On June 24, 2018, a Pakistan Army soldier, identified as Sepoy Niaz Ali, was killed in an exchange of fire across the Pak-Afghan border in the North Waziristan District of Khyber Pakhtunkhwa (KP) [the Federally Administered Tribal Areas (FATA) merged with Khyber Pakhtunkhwa (KP) on May 31, 2018]. “We shall… complete the fencing undeterred,” Director General (DG) Inter-Services Public Relations (ISPR) Major General Asif Ghafoor vowed, as he tweeted news of the sepoy’s death. He added that Afghanistan’s cooperation was required [for fencing of the border], and that this was in the mutual interest of both countries.

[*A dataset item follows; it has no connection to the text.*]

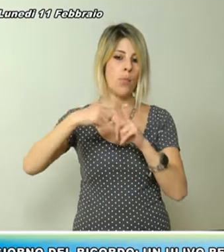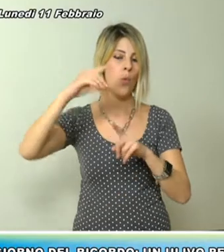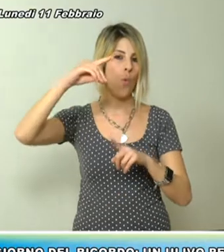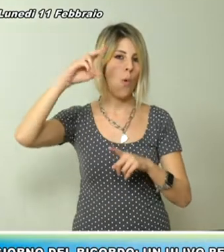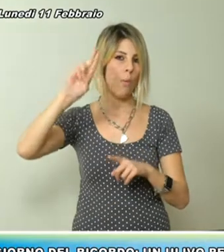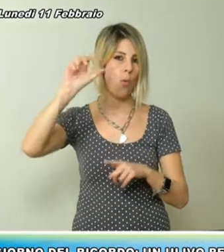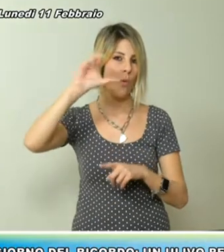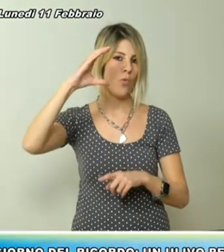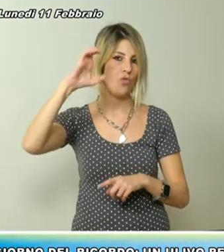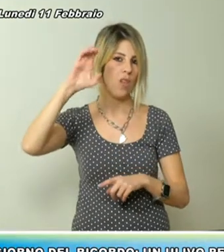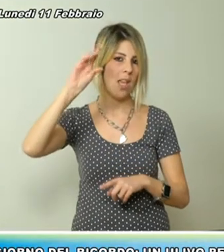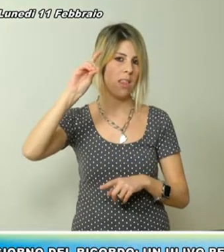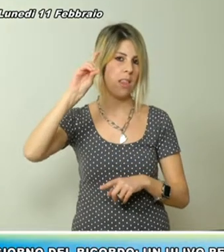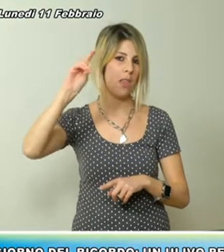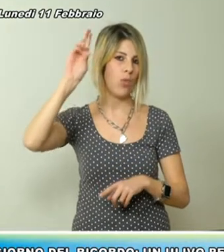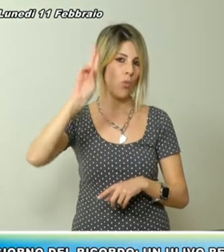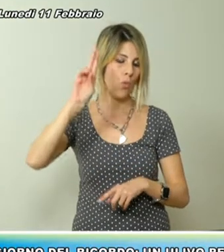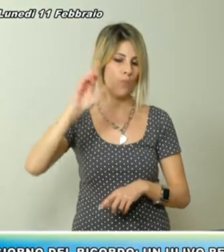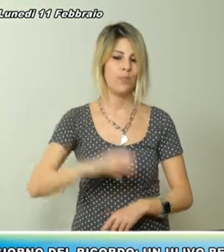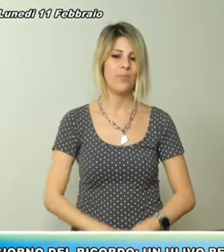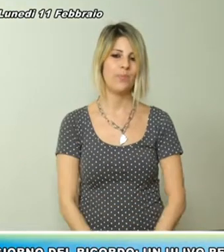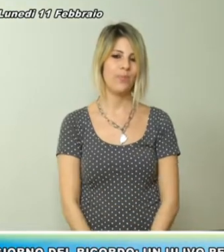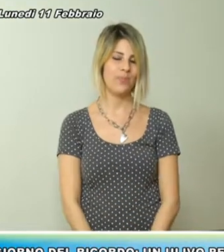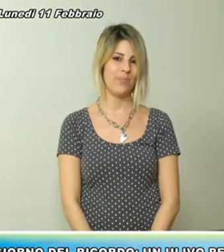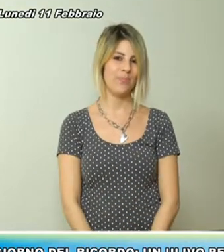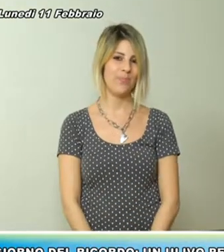e Lorenzo Pugeddu.

This was the second cross-border attack coming from Afghanistan in 10 days. On June 15, 2018, five terrorists and three Army soldiers were killed during action when militants from across the Pak-Afghan border attempted multiple raids on Pakistani posts in the Shawal area of the North Waziristan District. According to ISPR, SFs repulsed the attempts to overrun posts and inflict major damage. During exchange of fire, three Army soldiers Havaldar Iftikhar, resident of Sargodha (KP), Sepoy Aftab from Chitral (KP) and Sepoy Usman, resident of Gujarat (Punjab), were killed.

On June 3, 2018, SFs repulsed attacks from across the Pak-Afghan border, killing six militants in the Bajaur District of KP. ISPR disclosed that the attacks targeted border posts and border fencing parties. SF personnel had foiled seven infiltration attempts in the Bajaur area alone during the preceding 24 hours. An ISPR Press Release stated: “Four security personnel and a soldier of the Pakistan Air Force, deployed at an observation post, got injured during the exchange of fire… Taking advantage of ungoverned spaces and [with] facilitation [from] inside Afghanistan, terrorists are resorting to such attacks to prevent fencing and construction of border posts.”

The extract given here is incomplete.